The equipmentbelow is modeled after the set used by a Norwegian NCO, serving in the "Telemark Battalion". It gives us a lot of substantive support.
WMASG: Where do you get your equipment?
Sebastian: There is no rule. Over the past few years, we got a large number of uniforms and equipment in Poland, as the company supplying the Norwegian army has its production plant in our country. And if something is not here, then we get it from Norway, from military stores or from colleagues from friendly groups. Some items also came to us from the USA, Spain or France. It is not easy, nor is it available in quantity like German, British or American equipment, but you can get it.
WMASG: What events do you go to?
Sebastian: There were not many so far. We are still looking for events we would like to go to and try new ones. This year, we visited "Mission Afghanistan" for the first time which, for us, was an interesting variety on the LARP theme.

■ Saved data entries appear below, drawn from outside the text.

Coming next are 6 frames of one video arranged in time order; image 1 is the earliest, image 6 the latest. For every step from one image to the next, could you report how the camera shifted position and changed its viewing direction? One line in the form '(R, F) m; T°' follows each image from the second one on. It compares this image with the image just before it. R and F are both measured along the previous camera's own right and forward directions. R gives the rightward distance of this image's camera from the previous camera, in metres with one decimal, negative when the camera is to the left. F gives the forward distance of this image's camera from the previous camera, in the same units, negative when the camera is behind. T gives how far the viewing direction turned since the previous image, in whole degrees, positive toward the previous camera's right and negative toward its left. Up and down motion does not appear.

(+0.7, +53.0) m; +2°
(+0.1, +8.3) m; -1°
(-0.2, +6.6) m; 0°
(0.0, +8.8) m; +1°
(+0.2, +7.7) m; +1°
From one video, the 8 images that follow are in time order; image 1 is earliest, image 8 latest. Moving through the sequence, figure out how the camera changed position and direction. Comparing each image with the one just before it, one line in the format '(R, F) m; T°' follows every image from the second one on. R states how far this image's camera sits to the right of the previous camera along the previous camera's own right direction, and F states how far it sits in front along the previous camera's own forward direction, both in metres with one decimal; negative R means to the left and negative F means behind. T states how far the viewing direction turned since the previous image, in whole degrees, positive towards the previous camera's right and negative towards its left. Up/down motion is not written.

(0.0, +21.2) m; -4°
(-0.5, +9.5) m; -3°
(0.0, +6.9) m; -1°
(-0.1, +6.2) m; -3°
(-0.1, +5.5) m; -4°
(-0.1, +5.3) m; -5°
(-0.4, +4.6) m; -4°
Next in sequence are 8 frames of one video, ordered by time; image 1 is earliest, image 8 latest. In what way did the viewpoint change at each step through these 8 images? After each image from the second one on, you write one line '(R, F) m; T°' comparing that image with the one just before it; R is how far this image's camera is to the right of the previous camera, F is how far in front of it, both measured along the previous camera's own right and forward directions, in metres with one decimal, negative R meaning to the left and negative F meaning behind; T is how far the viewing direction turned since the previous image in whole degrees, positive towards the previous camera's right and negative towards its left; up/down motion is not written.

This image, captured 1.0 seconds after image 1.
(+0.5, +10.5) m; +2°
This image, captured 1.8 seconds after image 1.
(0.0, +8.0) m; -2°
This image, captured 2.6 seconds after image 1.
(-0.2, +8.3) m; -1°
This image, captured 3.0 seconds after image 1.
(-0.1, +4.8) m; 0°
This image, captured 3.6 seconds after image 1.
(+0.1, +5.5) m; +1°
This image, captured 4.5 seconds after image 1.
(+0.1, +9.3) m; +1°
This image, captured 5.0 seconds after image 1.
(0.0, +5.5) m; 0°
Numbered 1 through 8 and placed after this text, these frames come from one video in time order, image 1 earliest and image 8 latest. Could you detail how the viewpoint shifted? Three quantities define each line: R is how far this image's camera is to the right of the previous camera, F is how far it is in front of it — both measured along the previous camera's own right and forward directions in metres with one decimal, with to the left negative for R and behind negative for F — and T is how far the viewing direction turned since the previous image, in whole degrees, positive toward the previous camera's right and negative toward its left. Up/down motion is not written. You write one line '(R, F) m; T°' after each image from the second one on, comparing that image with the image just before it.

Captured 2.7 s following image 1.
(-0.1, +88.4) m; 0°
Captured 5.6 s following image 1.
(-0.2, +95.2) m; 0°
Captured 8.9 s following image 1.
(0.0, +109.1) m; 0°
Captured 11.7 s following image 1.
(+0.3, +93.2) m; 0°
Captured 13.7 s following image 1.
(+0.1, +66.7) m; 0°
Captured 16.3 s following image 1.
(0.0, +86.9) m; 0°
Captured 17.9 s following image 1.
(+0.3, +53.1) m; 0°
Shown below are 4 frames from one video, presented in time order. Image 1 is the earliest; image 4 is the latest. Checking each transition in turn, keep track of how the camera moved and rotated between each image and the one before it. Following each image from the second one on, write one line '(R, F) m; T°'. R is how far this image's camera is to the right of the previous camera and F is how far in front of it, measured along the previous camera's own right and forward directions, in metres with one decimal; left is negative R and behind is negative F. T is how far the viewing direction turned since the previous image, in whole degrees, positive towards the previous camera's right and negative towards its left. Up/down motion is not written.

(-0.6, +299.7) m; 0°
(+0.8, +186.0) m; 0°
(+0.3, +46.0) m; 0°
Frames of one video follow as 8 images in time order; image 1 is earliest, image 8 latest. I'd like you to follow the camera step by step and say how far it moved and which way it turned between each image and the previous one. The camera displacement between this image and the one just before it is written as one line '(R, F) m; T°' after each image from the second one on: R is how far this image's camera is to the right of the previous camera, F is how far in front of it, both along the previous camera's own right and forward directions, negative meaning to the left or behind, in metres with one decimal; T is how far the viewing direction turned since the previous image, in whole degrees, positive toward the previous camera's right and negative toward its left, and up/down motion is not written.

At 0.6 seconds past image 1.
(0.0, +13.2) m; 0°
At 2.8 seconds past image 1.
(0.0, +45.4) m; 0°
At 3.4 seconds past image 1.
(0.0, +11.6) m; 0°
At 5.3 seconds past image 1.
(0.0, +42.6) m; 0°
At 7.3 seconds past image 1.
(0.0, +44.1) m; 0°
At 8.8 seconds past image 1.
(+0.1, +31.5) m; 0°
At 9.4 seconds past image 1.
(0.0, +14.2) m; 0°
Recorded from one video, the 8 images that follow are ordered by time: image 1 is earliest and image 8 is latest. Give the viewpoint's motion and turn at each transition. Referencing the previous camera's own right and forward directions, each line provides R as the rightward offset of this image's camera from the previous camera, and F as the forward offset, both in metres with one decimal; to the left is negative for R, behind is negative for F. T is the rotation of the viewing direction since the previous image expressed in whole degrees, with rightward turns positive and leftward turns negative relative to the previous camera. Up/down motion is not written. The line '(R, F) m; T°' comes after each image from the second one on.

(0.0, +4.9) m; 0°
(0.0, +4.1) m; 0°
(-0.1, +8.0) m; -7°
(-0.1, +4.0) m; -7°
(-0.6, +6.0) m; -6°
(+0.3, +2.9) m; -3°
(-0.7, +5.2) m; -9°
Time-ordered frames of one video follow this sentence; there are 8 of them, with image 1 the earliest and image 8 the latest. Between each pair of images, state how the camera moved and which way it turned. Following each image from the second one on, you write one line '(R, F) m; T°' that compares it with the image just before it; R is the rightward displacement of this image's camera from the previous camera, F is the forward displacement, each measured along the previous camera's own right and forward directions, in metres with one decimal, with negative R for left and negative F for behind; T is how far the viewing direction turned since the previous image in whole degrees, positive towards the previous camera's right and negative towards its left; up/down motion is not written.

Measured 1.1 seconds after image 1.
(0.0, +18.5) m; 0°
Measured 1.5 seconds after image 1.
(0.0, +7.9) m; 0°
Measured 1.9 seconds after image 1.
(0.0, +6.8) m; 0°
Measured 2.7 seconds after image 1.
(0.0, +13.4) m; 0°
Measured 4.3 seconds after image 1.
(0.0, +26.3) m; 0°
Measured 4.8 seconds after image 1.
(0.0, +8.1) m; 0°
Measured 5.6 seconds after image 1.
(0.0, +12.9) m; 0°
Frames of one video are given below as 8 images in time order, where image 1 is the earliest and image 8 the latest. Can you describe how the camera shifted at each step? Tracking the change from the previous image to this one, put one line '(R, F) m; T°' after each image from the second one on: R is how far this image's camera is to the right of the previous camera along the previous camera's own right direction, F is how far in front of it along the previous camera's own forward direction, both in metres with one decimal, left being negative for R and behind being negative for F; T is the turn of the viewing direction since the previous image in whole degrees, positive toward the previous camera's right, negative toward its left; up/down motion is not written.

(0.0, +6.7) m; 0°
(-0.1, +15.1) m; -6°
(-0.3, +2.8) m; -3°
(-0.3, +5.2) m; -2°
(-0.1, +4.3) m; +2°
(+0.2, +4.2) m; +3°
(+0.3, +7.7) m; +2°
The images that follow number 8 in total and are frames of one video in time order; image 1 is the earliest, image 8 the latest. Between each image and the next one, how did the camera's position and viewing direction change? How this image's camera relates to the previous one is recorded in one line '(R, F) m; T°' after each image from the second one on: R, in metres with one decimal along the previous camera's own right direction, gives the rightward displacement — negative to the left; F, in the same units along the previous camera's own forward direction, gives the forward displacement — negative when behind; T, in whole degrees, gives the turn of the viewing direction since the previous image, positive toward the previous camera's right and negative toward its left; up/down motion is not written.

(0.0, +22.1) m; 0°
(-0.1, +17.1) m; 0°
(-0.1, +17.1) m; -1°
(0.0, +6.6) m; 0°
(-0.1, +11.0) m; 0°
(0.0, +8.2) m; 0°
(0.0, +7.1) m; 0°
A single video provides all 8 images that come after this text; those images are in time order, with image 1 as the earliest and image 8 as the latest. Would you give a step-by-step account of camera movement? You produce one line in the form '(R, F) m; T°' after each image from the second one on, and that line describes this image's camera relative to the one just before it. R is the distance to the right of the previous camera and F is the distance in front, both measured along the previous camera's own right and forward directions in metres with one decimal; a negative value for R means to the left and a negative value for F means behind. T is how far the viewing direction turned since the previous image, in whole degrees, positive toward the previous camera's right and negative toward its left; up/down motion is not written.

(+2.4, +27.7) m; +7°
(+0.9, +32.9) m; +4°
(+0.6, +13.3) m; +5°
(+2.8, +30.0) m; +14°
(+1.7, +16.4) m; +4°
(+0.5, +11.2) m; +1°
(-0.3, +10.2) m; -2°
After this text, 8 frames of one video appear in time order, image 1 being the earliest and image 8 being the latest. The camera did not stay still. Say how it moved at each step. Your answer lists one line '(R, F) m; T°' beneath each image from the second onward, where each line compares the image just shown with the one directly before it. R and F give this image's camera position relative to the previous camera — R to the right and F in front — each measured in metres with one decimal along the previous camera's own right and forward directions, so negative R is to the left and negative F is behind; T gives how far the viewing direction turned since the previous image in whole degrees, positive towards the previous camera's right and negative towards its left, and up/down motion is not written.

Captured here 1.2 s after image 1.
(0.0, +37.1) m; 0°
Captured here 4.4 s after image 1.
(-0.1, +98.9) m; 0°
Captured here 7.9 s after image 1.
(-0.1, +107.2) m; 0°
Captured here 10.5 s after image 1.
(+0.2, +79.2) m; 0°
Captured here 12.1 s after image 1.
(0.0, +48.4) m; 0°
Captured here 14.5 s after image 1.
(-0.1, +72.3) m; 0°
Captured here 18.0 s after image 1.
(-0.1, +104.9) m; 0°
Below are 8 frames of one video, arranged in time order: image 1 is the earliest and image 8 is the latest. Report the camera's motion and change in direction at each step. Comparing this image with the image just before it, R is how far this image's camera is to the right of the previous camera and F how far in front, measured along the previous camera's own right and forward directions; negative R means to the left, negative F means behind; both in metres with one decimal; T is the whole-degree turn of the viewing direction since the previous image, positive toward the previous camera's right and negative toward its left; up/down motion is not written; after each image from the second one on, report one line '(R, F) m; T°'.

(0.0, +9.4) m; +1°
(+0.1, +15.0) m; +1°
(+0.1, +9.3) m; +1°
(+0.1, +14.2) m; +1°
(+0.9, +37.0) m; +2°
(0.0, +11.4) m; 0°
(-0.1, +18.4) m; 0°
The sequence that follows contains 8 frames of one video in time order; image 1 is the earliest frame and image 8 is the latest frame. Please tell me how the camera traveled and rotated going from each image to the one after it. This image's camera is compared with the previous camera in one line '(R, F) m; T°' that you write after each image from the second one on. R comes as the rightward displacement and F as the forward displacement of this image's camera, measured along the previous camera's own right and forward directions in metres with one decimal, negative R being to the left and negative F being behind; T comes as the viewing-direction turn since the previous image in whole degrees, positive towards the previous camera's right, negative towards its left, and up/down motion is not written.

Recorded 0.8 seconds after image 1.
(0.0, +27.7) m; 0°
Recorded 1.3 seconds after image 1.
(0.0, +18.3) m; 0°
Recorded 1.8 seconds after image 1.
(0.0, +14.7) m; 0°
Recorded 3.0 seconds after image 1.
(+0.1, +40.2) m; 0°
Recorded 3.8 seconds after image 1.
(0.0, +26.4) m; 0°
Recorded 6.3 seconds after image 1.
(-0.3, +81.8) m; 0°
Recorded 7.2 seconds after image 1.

In 2018, we visited the Swedish "Berget" - a week long trip to the north long after the event ended, guaranteed we had fond memories of it. I encourage you to see our video report: https://www.youtube.com/watch?v=jXCUf37o79k
In addition to Sunday games, where you can meet individual members of the group in places like Szczecin, Tri-City, Warsaw and Olsztyn, we focus on MILSIM games such as AEGIS, Black Ops, and CSAR. We would like "Mission Afghanistan" to become our flagship event. There we can most closely re-create the activities of Norwegian troops from a few years ago in the most appropriate way, i.e. under the PRT. In addition to trips to organized events, we go for endurance marches ourselves with are focused on living in the wild.
We are of course open to any events, not only airsoft, but also reenactments and military vehicles rallies.
WMASG: Why can't we see the faces of your team members in the photos?
Sebastian: In social media, we put incognito photos on group profile, with blurred faces. It is not about being like the "special forces", because none of us is or will be a member of such, but we think that those photos add some sort of uncertainty and intrigue. And some of us have reasons to hide their identity with a few pixels. Given the Norwegian army - a good portion of the "Telemark Battalion" soldiers keep their image hidden. We can also say that we empathize with the subject of reenacting the unit.
WMASG (Mendi): Thank you very much for the interview. I would just like to wish you successful events and good fun in continuing your hobby. See you in my sights.